“Books vs Bots: The Copyright Battle Brewing in India’s Courts”
Delhi HC faces a modern dilemma, one that sets centuries-old publishers against silicon minds trained on vast oceans of data. The Federation of Indian Publishers (FIP), which speaks for the likes of Bloomsbury, Penguin Random House, Rupa Publications, and S. Chand & Co., has entered the legal battle, alleging that their copyrighted books have been mined without permission to train ChatGPT. According to FIP’s secretary Pranav Gupta, these AI-generated book summaries threaten their livelihoods. “If people can read precise summaries for free,” he warns, “why would they buy the book?”
It’s a question echoing in publishing houses and copyright offices across the globe. And it’s not just about India. Authors, musicians, journalists, and photographers from New York to Nairobi are asking the same thing: If artificial intelligence can be trained on our work without our permission, what value does this creativity still hold?
Who Owns the Data That Trains AI?
ChatGPT, like other large language models (LLMs), is trained on massive datasets scraped from websites, public forums, digitized books, and other online repositories. But frequently, that training includes copyrighted material, used without license or payment.
In the Indian lawsuit, the concern is focused on book summaries. ChatGPT, as of yet cannot reproduce full copyrighted books, but it can summarize them with close accuracy, from chapter by chapter to key plot twists and character arcs. These are not mere general impressions, they are structured outputs that, in the eyes of publishers, devalue the original content.

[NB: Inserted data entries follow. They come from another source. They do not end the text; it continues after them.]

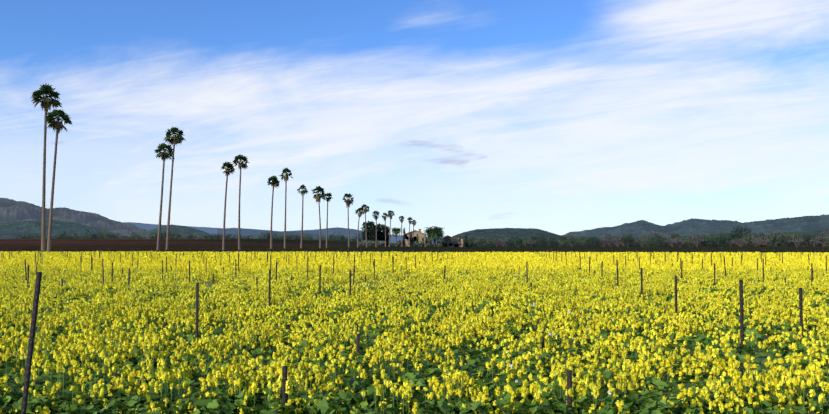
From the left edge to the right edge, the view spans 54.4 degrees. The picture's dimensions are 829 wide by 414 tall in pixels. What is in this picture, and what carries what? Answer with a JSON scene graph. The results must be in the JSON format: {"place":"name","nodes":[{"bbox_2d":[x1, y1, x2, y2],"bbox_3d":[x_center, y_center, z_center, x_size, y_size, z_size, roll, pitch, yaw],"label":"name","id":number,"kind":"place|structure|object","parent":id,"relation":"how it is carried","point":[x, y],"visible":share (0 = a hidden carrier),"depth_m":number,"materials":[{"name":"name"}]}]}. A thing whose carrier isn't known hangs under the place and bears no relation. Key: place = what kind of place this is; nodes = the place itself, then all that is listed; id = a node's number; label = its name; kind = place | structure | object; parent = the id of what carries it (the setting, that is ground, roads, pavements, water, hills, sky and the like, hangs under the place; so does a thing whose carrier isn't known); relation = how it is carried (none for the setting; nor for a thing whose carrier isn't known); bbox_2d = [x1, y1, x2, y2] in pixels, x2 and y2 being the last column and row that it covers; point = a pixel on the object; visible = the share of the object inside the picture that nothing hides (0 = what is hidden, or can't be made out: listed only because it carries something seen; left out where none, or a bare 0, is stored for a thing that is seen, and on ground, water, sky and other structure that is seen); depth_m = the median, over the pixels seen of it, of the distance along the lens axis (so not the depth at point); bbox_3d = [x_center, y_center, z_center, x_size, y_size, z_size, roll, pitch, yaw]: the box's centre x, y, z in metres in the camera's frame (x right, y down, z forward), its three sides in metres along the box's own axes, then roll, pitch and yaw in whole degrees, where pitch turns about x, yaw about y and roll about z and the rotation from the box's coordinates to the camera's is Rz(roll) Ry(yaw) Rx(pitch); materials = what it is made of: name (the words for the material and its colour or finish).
{"place":"outdoors","nodes":[
{"label":"outdoors","id":0,"kind":"place"},
{"bbox_2d":[0,220,125,238],"bbox_3d":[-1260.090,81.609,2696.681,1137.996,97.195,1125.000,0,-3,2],"label":"hill","id":1,"kind":"structure","parent":0,"point":[11,230],"depth_m":2562.52,"materials":[{"name":"green plant"}]},
{"bbox_2d":[0,198,150,236],"bbox_3d":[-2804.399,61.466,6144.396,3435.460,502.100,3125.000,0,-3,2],"label":"mountain","id":2,"kind":"structure","parent":0,"point":[11,210],"depth_m":5858.71,"materials":[{"name":"grey stone"}]},
{"bbox_2d":[136,224,217,238],"bbox_3d":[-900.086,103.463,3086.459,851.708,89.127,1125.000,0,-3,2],"label":"hill","id":3,"kind":"structure","parent":0,"point":[184,230],"depth_m":3027.38,"materials":[{"name":"green plant"}]},
{"bbox_2d":[122,222,441,243],"bbox_3d":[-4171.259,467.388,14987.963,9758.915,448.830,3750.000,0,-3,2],"label":"hills","id":4,"kind":"structure","parent":0,"point":[205,229],"depth_m":15025.76,"materials":[{"name":"green plant"}]},
{"bbox_2d":[243,232,328,239],"bbox_3d":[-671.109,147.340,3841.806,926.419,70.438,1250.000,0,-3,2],"label":"hill","id":5,"kind":"structure","parent":0,"point":[314,236],"depth_m":3810.04,"materials":[{"name":"green plant"}]},
{"bbox_2d":[218,227,362,238],"bbox_3d":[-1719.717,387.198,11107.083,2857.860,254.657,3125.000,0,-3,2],"label":"hills","id":6,"kind":"structure","parent":0,"point":[247,232],"depth_m":10973.60,"materials":[{"name":"green plant"}]},
{"bbox_2d":[0,251,828,413],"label":"mustard field","id":7,"kind":"structure","parent":0,"point":[466,336],"depth_m":10.07,"materials":[{"name":"yellow plant"}]},
{"bbox_2d":[3,248,826,413],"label":"vineyard posts","id":8,"kind":"object","parent":7,"relation":"on","point":[32,339],"visible":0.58,"depth_m":18.84,"materials":[{"name":"wood"}]},
{"bbox_2d":[0,239,828,252],"bbox_3d":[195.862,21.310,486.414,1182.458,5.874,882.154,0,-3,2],"label":"plowed field","id":9,"kind":"structure","parent":0,"point":[115,245],"depth_m":232.30,"materials":[{"name":"brown soil"}]},
{"bbox_2d":[154,143,173,250],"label":"palm","id":10,"kind":"object","parent":9,"relation":"on","point":[164,155],"visible":1,"depth_m":137.49,"materials":[{"name":"green plant"}]},
{"bbox_2d":[232,155,248,249],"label":"palm","id":11,"kind":"object","parent":9,"relation":"on","point":[242,159],"visible":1,"depth_m":175.51,"materials":[{"name":"green plant"}]},
{"bbox_2d":[267,176,279,248],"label":"palm","id":12,"kind":"object","parent":9,"relation":"on","point":[274,182],"visible":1,"depth_m":190.05,"materials":[{"name":"green plant"}]},
{"bbox_2d":[342,193,353,246],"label":"palm","id":13,"kind":"object","parent":9,"relation":"on","point":[349,201],"visible":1,"depth_m":261.06,"materials":[{"name":"green plant"}]},
{"bbox_2d":[361,204,369,246],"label":"palm","id":14,"kind":"object","parent":9,"relation":"on","point":[365,207],"visible":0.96,"depth_m":283.05,"materials":[{"name":"green plant"}]},
{"bbox_2d":[382,213,387,246],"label":"palm","id":15,"kind":"object","parent":9,"relation":"on","point":[384,217],"visible":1,"depth_m":313.95,"materials":[{"name":"green plant"}]},
{"bbox_2d":[391,228,400,245],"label":"date palm","id":16,"kind":"object","parent":9,"relation":"on","point":[395,231],"visible":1,"depth_m":366.63,"materials":[{"name":"green plant"}]},
{"bbox_2d":[399,216,403,246],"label":"palm","id":17,"kind":"object","parent":9,"relation":"on","point":[402,219],"visible":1,"depth_m":346.37,"materials":[{"name":"green plant"}]},
{"bbox_2d":[411,220,415,246],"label":"palm","id":18,"kind":"object","parent":9,"relation":"on","point":[414,222],"visible":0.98,"depth_m":374.72,"materials":[{"name":"green plant"}]},
{"bbox_2d":[423,226,444,246],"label":"tree","id":19,"kind":"object","parent":9,"relation":"on","point":[435,233],"visible":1,"depth_m":368.19,"materials":[{"name":"green plant"}]},
{"bbox_2d":[0,0,828,236],"label":"sky","id":20,"kind":"structure","parent":0,"point":[559,117],"materials":[{"name":"blue"}]},
{"bbox_2d":[451,228,623,243],"bbox_3d":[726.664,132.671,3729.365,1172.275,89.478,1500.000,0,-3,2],"label":"forest hill","id":21,"kind":"structure","parent":0,"point":[501,233],"depth_m":3570.40,"materials":[{"name":"green plant"}]},
{"bbox_2d":[561,214,828,238],"bbox_3d":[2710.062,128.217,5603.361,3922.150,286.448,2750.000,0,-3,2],"label":"hills","id":22,"kind":"structure","parent":0,"point":[691,226],"depth_m":5302.74,"materials":[{"name":"green plant"}]},
{"bbox_2d":[668,230,828,243],"bbox_3d":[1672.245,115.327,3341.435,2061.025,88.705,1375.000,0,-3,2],"label":"foothill","id":23,"kind":"object","parent":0,"point":[807,232],"depth_m":3389.70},
{"label":"ground","id":24,"kind":"structure","parent":0,"visible":0},
{"bbox_2d":[31,83,61,251],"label":"palm","id":25,"kind":"object","parent":24,"relation":"on","point":[46,90],"visible":1,"depth_m":105.52,"materials":[{"name":"green plant"}]},
{"bbox_2d":[47,108,70,251],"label":"palm","id":26,"kind":"object","parent":24,"relation":"on","point":[57,126],"visible":0.96,"depth_m":113.17,"materials":[{"name":"green plant"}]},
{"bbox_2d":[163,127,185,249],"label":"palm","id":27,"kind":"object","parent":24,"relation":"on","point":[177,138],"visible":1,"depth_m":146.06,"materials":[{"name":"green plant"}]},
{"bbox_2d":[221,162,235,249],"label":"palm","id":28,"kind":"object","parent":24,"relation":"on","point":[230,168],"visible":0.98,"depth_m":163.60,"materials":[{"name":"green plant"}]},
{"bbox_2d":[279,168,292,247],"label":"palm","id":29,"kind":"object","parent":24,"relation":"on","point":[286,176],"visible":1,"depth_m":203.58,"materials":[{"name":"green plant"}]},
{"bbox_2d":[297,184,307,247],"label":"palm","id":30,"kind":"object","parent":24,"relation":"on","point":[303,191],"visible":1,"depth_m":211.58,"materials":[{"name":"green plant"}]},
{"bbox_2d":[311,186,325,247],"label":"palm","id":31,"kind":"object","parent":24,"relation":"on","point":[318,197],"visible":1,"depth_m":229.74,"materials":[{"name":"green plant"}]},
{"bbox_2d":[323,193,331,247],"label":"palm","id":32,"kind":"object","parent":24,"relation":"on","point":[328,195],"visible":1,"depth_m":234.06,"materials":[{"name":"green plant"}]},
{"bbox_2d":[356,208,363,246],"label":"palm","id":33,"kind":"object","parent":24,"relation":"on","point":[359,212],"visible":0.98,"depth_m":270.43,"materials":[{"name":"green plant"}]},
{"bbox_2d":[372,211,379,246],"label":"palm","id":34,"kind":"object","parent":24,"relation":"on","point":[375,217],"visible":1,"depth_m":294.27,"materials":[{"name":"green plant"}]},
{"bbox_2d":[388,210,394,246],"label":"palm","id":35,"kind":"object","parent":24,"relation":"on","point":[390,214],"visible":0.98,"depth_m":319.67,"materials":[{"name":"green plant"}]},
{"bbox_2d":[407,217,412,246],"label":"palm","id":36,"kind":"object","parent":24,"relation":"on","point":[410,218],"visible":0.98,"depth_m":359.68,"materials":[{"name":"green plant"}]},
{"bbox_2d":[359,221,474,246],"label":"garden trees","id":37,"kind":"object","parent":24,"relation":"on","point":[371,232],"visible":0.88,"depth_m":404.17,"materials":[{"name":"green plant"}]},
{"bbox_2d":[15,225,828,246],"bbox_3d":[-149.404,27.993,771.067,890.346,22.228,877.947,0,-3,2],"label":"valley trees","id":38,"kind":"object","parent":24,"relation":"on","point":[738,238],"visible":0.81,"depth_m":398.83,"materials":[{"name":"green plant"}]},
{"bbox_2d":[405,229,463,246],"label":"house","id":39,"kind":"structure","parent":24,"relation":"on","point":[447,242],"depth_m":374.92,"materials":[{"name":"paint"}]}
]}

OpenAI, like other tech firms facing similar lawsuits, argue that the training involves "fair use" of publicly available data. But what counts as “publicly available” or “public domain” in the digital age? And more importantly, does “availability” imply “permission”.
A Global Conflict with Local Consequences
The Delhi High Court, where this lawsuit now sits, is one among several jurisdictions around the world where legal lines are being redrawn. In the United States, Stability AI and Midjourney have been sued by artists for training on copyrighted works. In the European Union, the AI Act suggests new transparency rules for training datasets. Canada and Australia are considering legislation requiring AI firms to disclose and license training materials.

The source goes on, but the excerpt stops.